Scoring Framework
Measure and track your codebase's agent-readiness across 11 dimensions
Summary
Quantifies agent-readiness on a 0–30 scaled spectrum across 11 concrete dimensions: API, CLI, MCP, Discovery, Auth, Error Handling, Tool Design, Context Files, Multi-Agent, Testing, and Data Retrievability. Each dimension scores 0–3 (Not Implemented → Excellent), then the applicable total is scaled to 30. Provides a baseline score, identifies gaps, and tracks progress as you modernize. Scale: 0–7 (Human-only) to 23–30 (Agent-first).
- 0 = Not implemented (blocker)
- 1 = Basic (weak, human-oriented)
- 2 = Good (agent-ready, most use cases work)
- 3 = Excellent (production, resilient, cross-framework)
- N/A = Genuinely inapplicable (rare)
Agent-readiness is not binary. A codebase's ability to be consumed by AI agents exists on a spectrum. The scoring framework quantifies that spectrum across 11 concrete dimensions, giving you a measurement today, a clear view of gaps, and a way to track progress.
Why Score?
Ambiguity that humans resolve through intuition becomes failure modes at scale with agents. When an agent cannot ask for clarification, every implicit assumption, missing description, or hidden error path becomes a blocker. A 0–3 score per dimension tells you exactly where to invest: optimize the few surfaces agents actually touch, deprioritize human-only features.
The 0–3 Scale
Each dimension scores from 0 to 3:
- 0 (Not implemented) — Feature missing or unsuitable for agents. This dimension is a blocker.
- 1 (Basic) — Feature exists but weak. Human-oriented; terse; missing critical context. Agents can use it with heavy prompting.
- 2 (Good) — Solid implementation. Agent-oriented descriptions, structured data, clear examples. Most agent use cases work.
- 3 (Excellent) — Production-ready for agents. Optimized for token efficiency, cross-framework, resilient error handling, advanced patterns (OAuth, MCP Tasks, delegation). Agents perform reliably with minimal prompt engineering.
The 11 Dimensions
1. API Surface — How well your HTTP API is described for agent tool generation. OpenAPI quality, operationIds, agent-oriented descriptions, Arazzo workflow support.
2. CLI Design — How well your CLI tool works with agent automation. JSON output, exit codes, schema introspection, input hardening (path traversal defense), SKILL.md packaging.
3. MCP Server — Whether and how well you expose an MCP server. Tool count, annotations, resources, OAuth support, pagination, testing with InMemoryTransport.
4. Discovery & AEO — How discoverable, readable, governable, and callable your project is by agents. llms.txt, AGENTS.md, JSON-LD schema, Markdown content negotiation, robots.txt, Content Signals, API Catalog, MCP Server Cards, Agent Skills indexes, OAuth metadata, Web Bot Auth, and optional commerce protocols.
5. Authentication — Whether agents can authenticate without human browser interaction.
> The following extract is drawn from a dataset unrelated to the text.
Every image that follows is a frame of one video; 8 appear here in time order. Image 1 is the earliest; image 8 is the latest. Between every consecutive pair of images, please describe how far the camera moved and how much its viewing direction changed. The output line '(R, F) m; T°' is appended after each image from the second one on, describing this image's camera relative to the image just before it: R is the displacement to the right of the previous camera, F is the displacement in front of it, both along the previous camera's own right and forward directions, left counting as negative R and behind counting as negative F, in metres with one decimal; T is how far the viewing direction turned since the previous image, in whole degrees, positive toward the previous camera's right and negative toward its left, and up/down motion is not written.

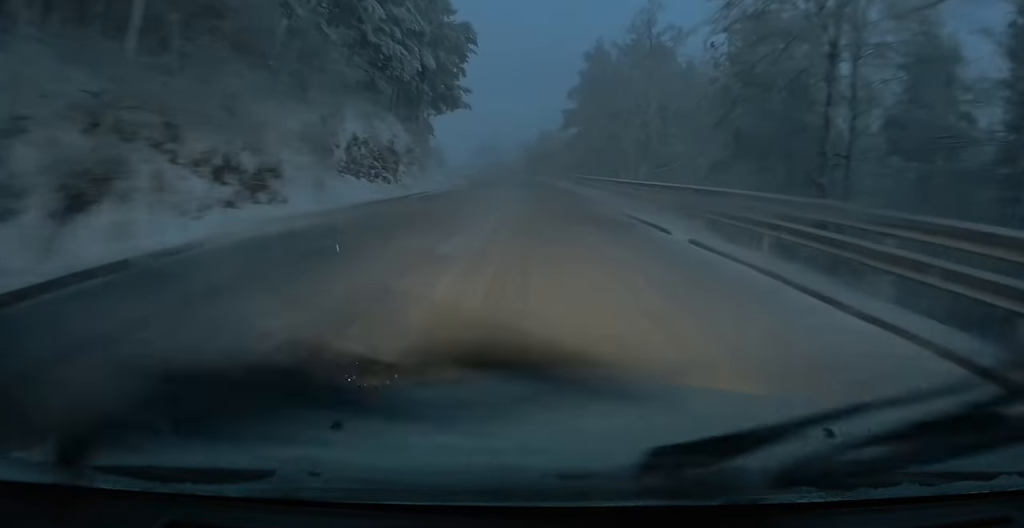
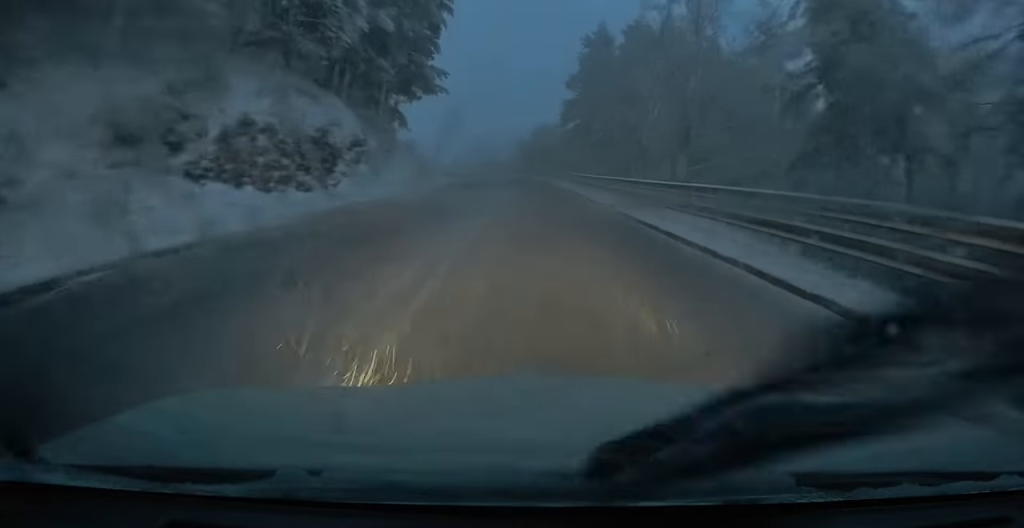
(0.0, +8.2) m; +1°
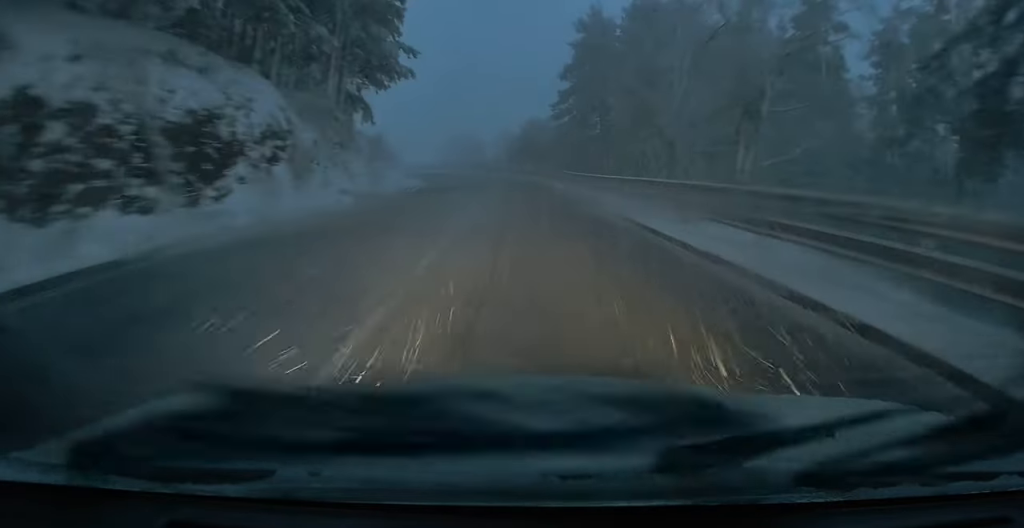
(0.0, +6.9) m; +1°
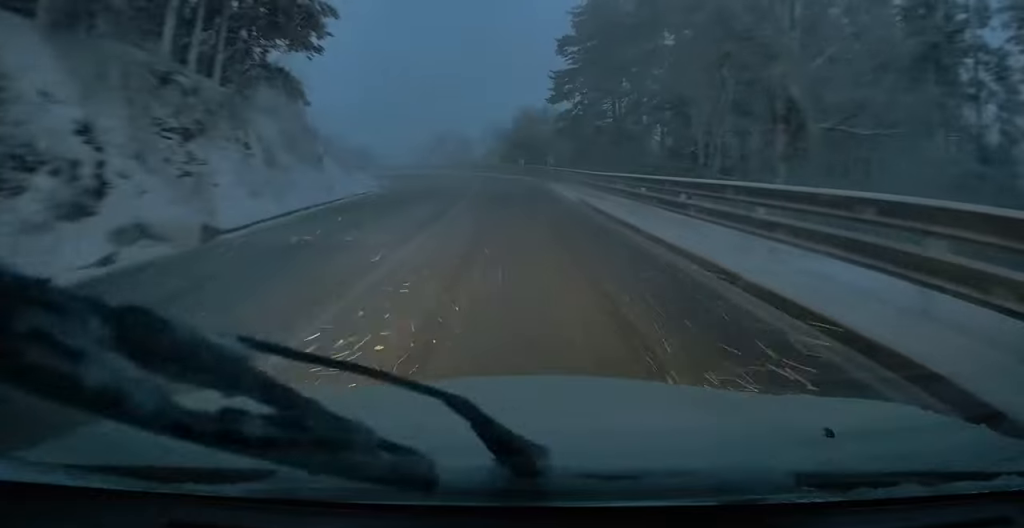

API keys, OAuth 2.1 Client Credentials, Token Exchange (RFC 8693), agent identity as first-class principal.
6. Error Handling — Whether errors give agents enough information to recover. RFC 9457 Problem Details, is_retriable, suggestions array, trace_id, doc_uri, semantic exit codes.
7. Tool Design — Quality of tool definitions across any framework (MCP, AI SDK, LangChain). Descriptions as prompts ("when to use" and "do not use for"), typed schemas, toModelOutput, cross-framework portability.
8. Context Files — Quality of agent context files for AI coding assistants. AGENTS.md + multi-tool overrides (CLAUDE.md, .cursor/rules). Hand-curated, commands first, permission boundaries, progressive disclosure.
9. Multi-Agent Support — How well your project supports multi-agent orchestration. Sub-agent delegation, state management, A2A agent cards, memory patterns, dynamic agent selection.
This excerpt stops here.